● Task instructions
Skip the images and restate every line of the records exactly.

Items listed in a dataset
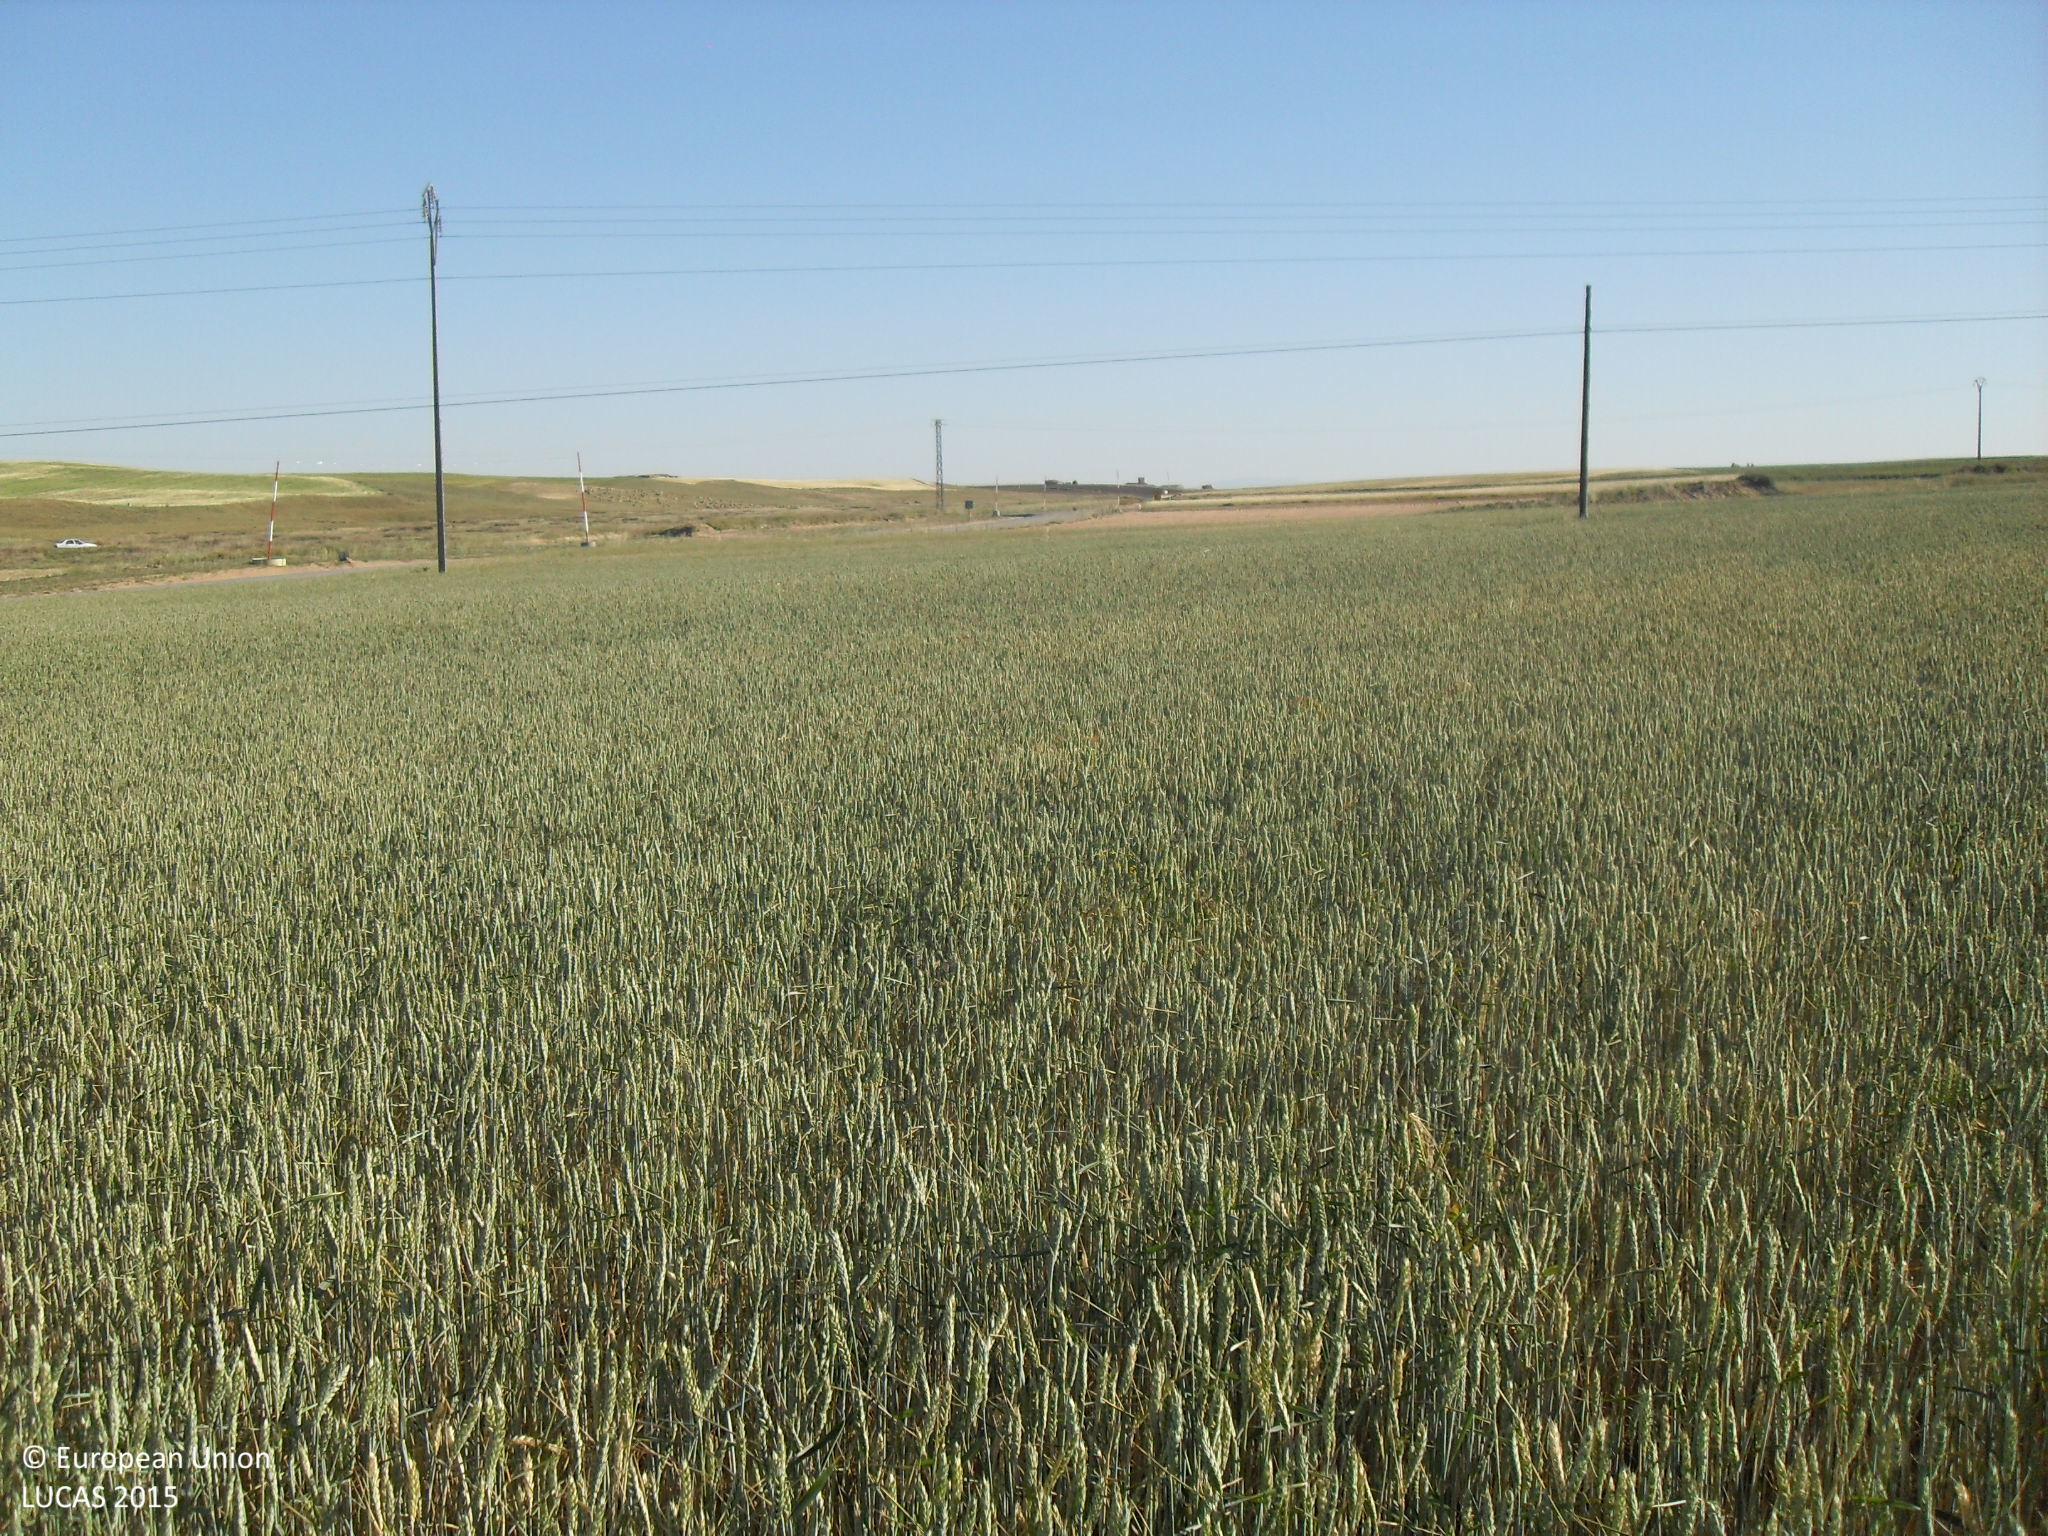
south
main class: Cropland
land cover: Common wheat
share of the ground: > 75 %
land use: Agriculture (excluding fallow land and kitchen gardens)
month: May
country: ES
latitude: 41.0452
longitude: -5.2869
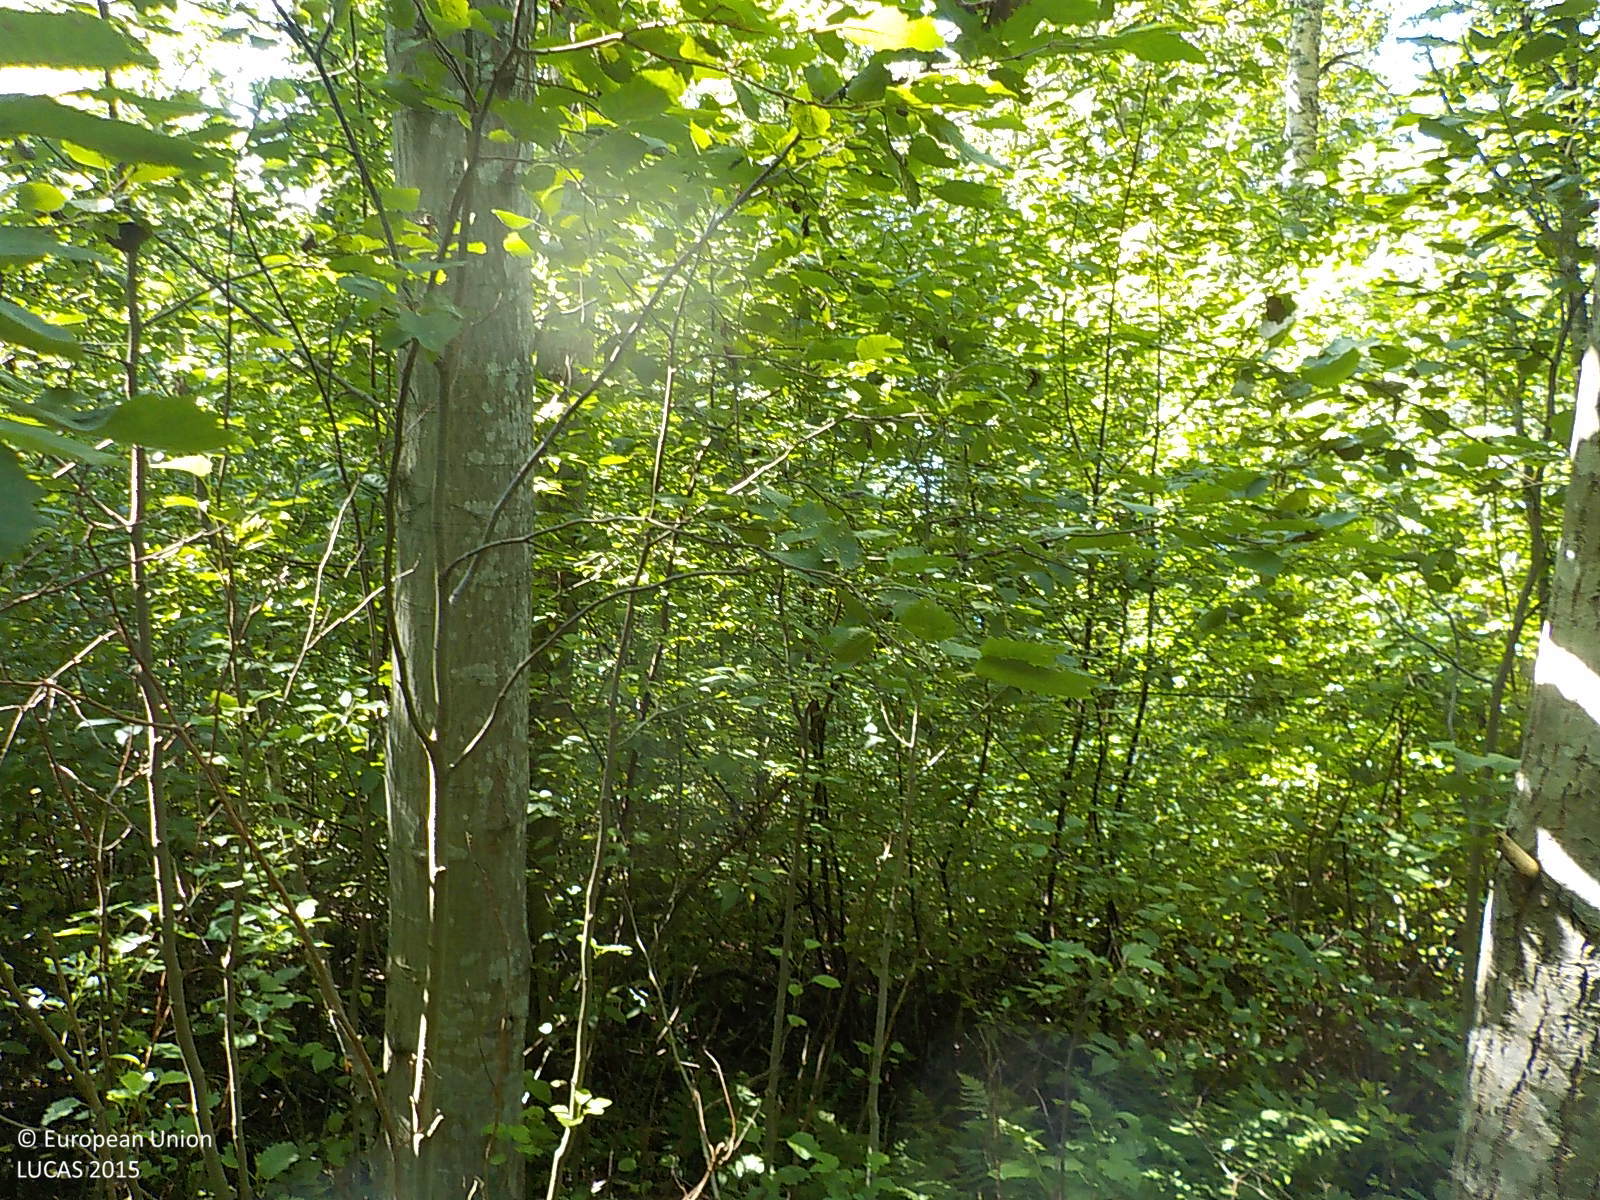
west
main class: Woodland
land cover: Broadleaved woodland
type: hemiboreal forest and nemoral coniferous forest and mixed broadleaved-coniferous forest
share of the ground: > 75 %
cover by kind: broadleaved forest trees 95 %, herbaceous plants 5 %
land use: Forestry
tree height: > 5 m
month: August
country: SE
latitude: 63.3251
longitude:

● Output of the task
south
main class: Cropland
land cover: Common wheat
share of the ground: > 75 %
land use: Agriculture (excluding fallow land and kitchen gardens)
month: May
country: ES
latitude: 41.0452
longitude: -5.2869
west
main class: Woodland
land cover: Broadleaved woodland
type: hemiboreal forest and nemoral coniferous forest and mixed broadleaved-coniferous forest
share of the ground: > 75 %
cover by kind: broadleaved forest trees 95 %, herbaceous plants 5 %
land use: Forestry
tree height: > 5 m
month: August
country: SE
latitude: 63.3251
longitude:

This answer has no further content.